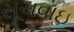
સૂચવાઇ
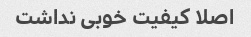
اصلا کیفیت خوبی نداشت
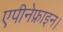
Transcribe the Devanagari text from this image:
एपीनेफ्राइन।
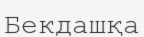
Бекдашқа
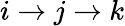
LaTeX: i\to j\to k
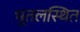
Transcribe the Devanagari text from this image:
भूतलस्थित
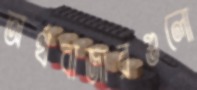
অর্থবাজারগুলো
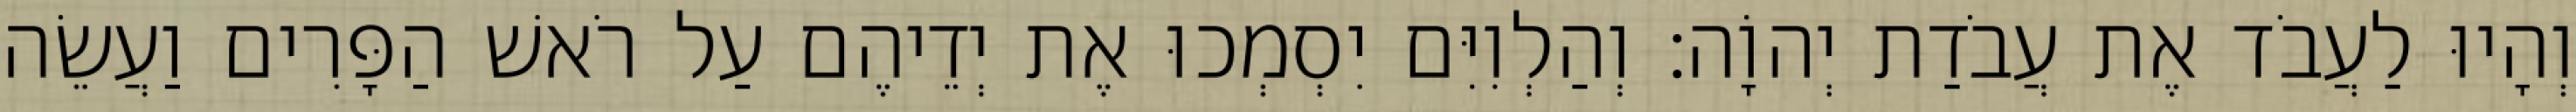
וְהָיוּ לַעֲבֹד אֶת עֲבֹדַת יְהוָֹה׃ וְהַלְוִיִּם יִסְמְכוּ אֶת יְדֵיהֶם עַל רֹאשׁ הַפָּרִים וַעֲשֵׂה
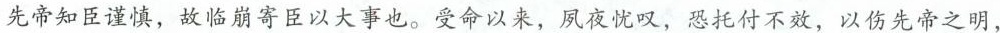
先帝知臣谨慎，故临崩寄臣以大事也。受命以来，夙夜忧叹，恐托付不效，以伤先帝之明，
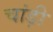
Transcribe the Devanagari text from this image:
चांड़ी
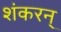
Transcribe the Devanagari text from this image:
शंकरन्
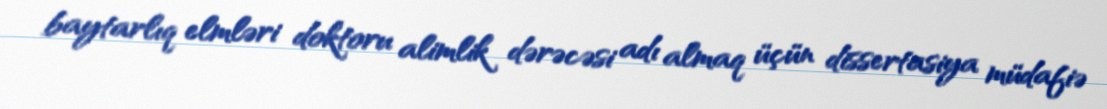
baytarlıq elmləri doktoru alimlik dərəcəsi adı almaq üçün dissertasiya müdafiə
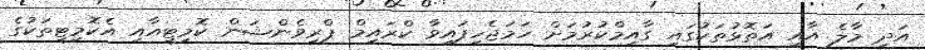
އަދި މާލެ އާއި އަތޮޅުތަކުގައި ގާއިމްކުރުމަށް ހަމަޖެހިފައިވާ ކްރައިމް ޕްރިވެންޝަން ކޮމިޓީއާއި އެކޮމިޓީތަކުގެ
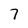
Character: 7
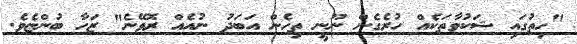
"ހިތުގައި ޝަކުވާތަކެއް ހުރެގެން ނޫނީ ތިހެން އަބަދު ނުއެއް ރޮވޭނެ" ޒަހާ ބުންޏެވެ.
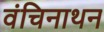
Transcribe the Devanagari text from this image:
वंचिनाथन
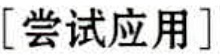
\[ \text{[尝试应用]} \]
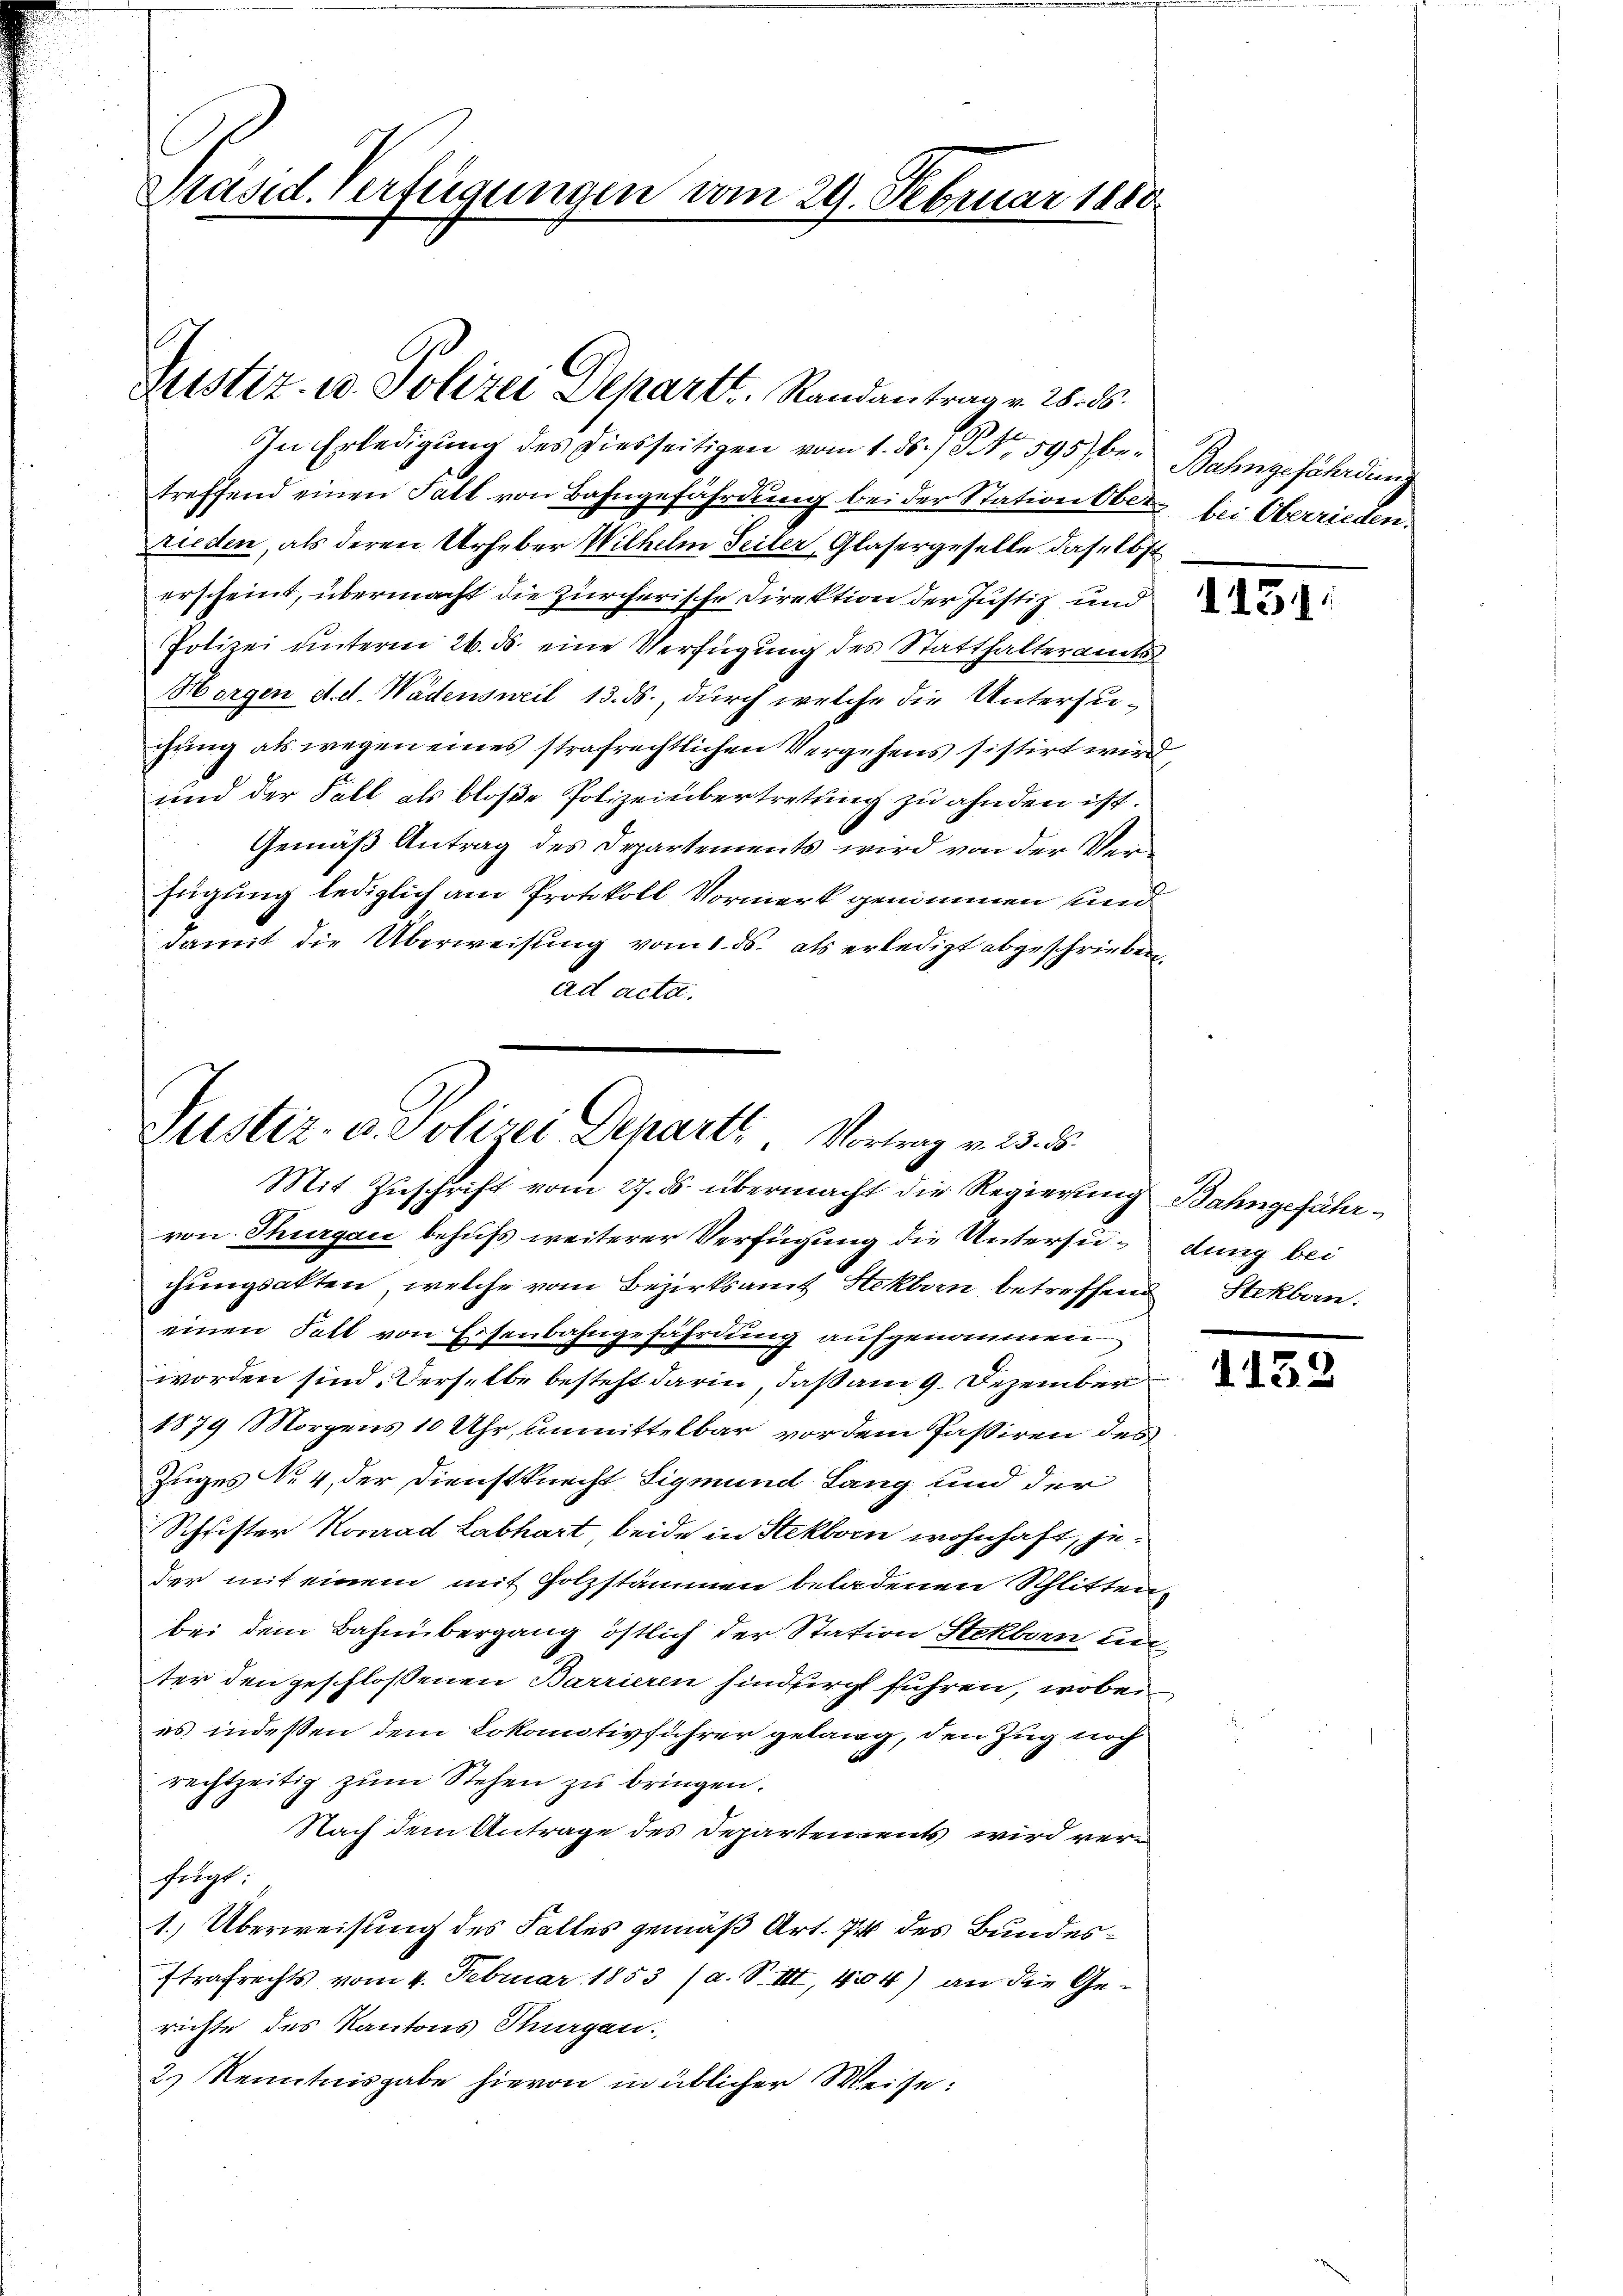
Präsid. Verfügungen vom 29. Februar 1880

Justiz. v. Polizei Departt. Randantrage Was

In Erledigung des diesseitigen vom 1. ds. / NNo. 595) be- Bahngefährdung
treffend einen Fall von Bahngefährdung bei der Station Ober bei Oberrieden.
rieden, als deren Urheber Wilhelm Seiter, Glasergeselle daselbst
erscheint, übermacht die zürcherische Direktion der Justiz und
Polizei unterm 26. ds. eine Verfügung des Statthalteramts
Horgen d. d. Wädensweil 13. ds., durch welche die Untersuchung als wegen eines strafrechtlichen Vergehens sistirt wird,
und der Fall als bloße Polizeiübertretung zu ahnden ist.
Gemäß Antrag des Departements wird von der Verfügung lediglich am Protokoll Vormerk genommen und
damit die Überweisung vom 1. ds. als erledigt abgeschrieben,
ad acta.

Justiz- u. Polizei Departe Vortrag v. 23. ds.
Mit Zuschrift vom 27. ds. übermacht die Regierung Bahngefähr¬

von Thurgau behufs weiterer Verfügung die Untersu¬dung bei
chungsakten, welche vom Bezirksamt Stekborn, betreffend Stekban.
einen Fall von Eisenbahngefährdung aufgenommen
worden sind. Derselbe besteht darin, daß am 9. Dezember
1879 Morgens 10 Uhr, unmittelbar vor dem Passiren des
Zuges Nr. 4, der Dienstknecht Sigmund Lang und der
Schrifter Konrad Labhart, beide in Stekborn wohnhaft, jeder mit einem mit Holzstämmen beladenen Schlitten,
bei dem Bahnbergang östlich der Station Stekborn un
ter den geschlossenen Barrieren hindurcht führen, wobei
es indeßen dem Lokomotivführer gelang, den Zug noch
rechtzeitig zŭm Stehen zu bringen.
Nach dem Antrage des Departements wird verfügt:
1. Überweisung des Falles gemäß Art. 744 des Bundesstrafrechts vom 4. Februar 1853 (a. S. III, 404) an die Gerichte des Kantons Thurgau.
2.) Kenntnisgabe hievon in üblicher Weise:

I139
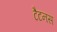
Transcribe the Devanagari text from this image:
टैटनस
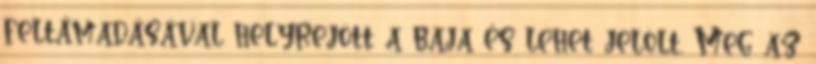
feltámadásával helyrejött a baja és lehet jelölt. Meg az
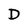
Character: D
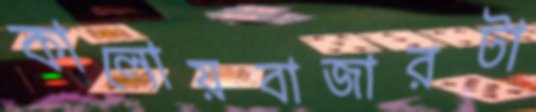
কালোয়বাজারটা
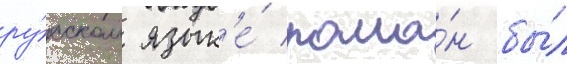
ру́сском язык'е́ рома́н бы́л
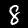
Digit: 8
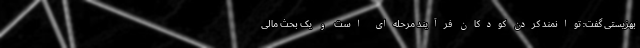
بهزیستی گفت: توانمند کردن کودکان فرآیند مرحله‌ای است و یک بحث مالی
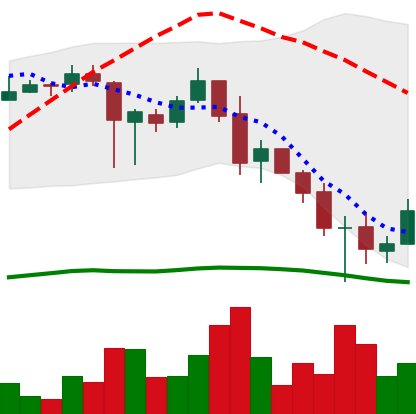
Ticker: XRP-USD
Chart end date: 2018-11-28
Forward return: -10.703%
Label: down_7plus
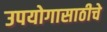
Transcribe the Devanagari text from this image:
उपयोगासाठीचे
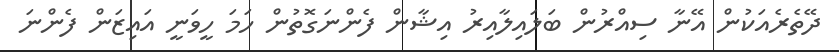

+-------+

_Action item:_
Look through the listing and return each line containing the word "einen".

_Your solution:_
treffend einen Fall von Bahngefährdung bei der Station Ober bei Oberrieden.
einen Fall von Eisenbahngefährdung aufgenommen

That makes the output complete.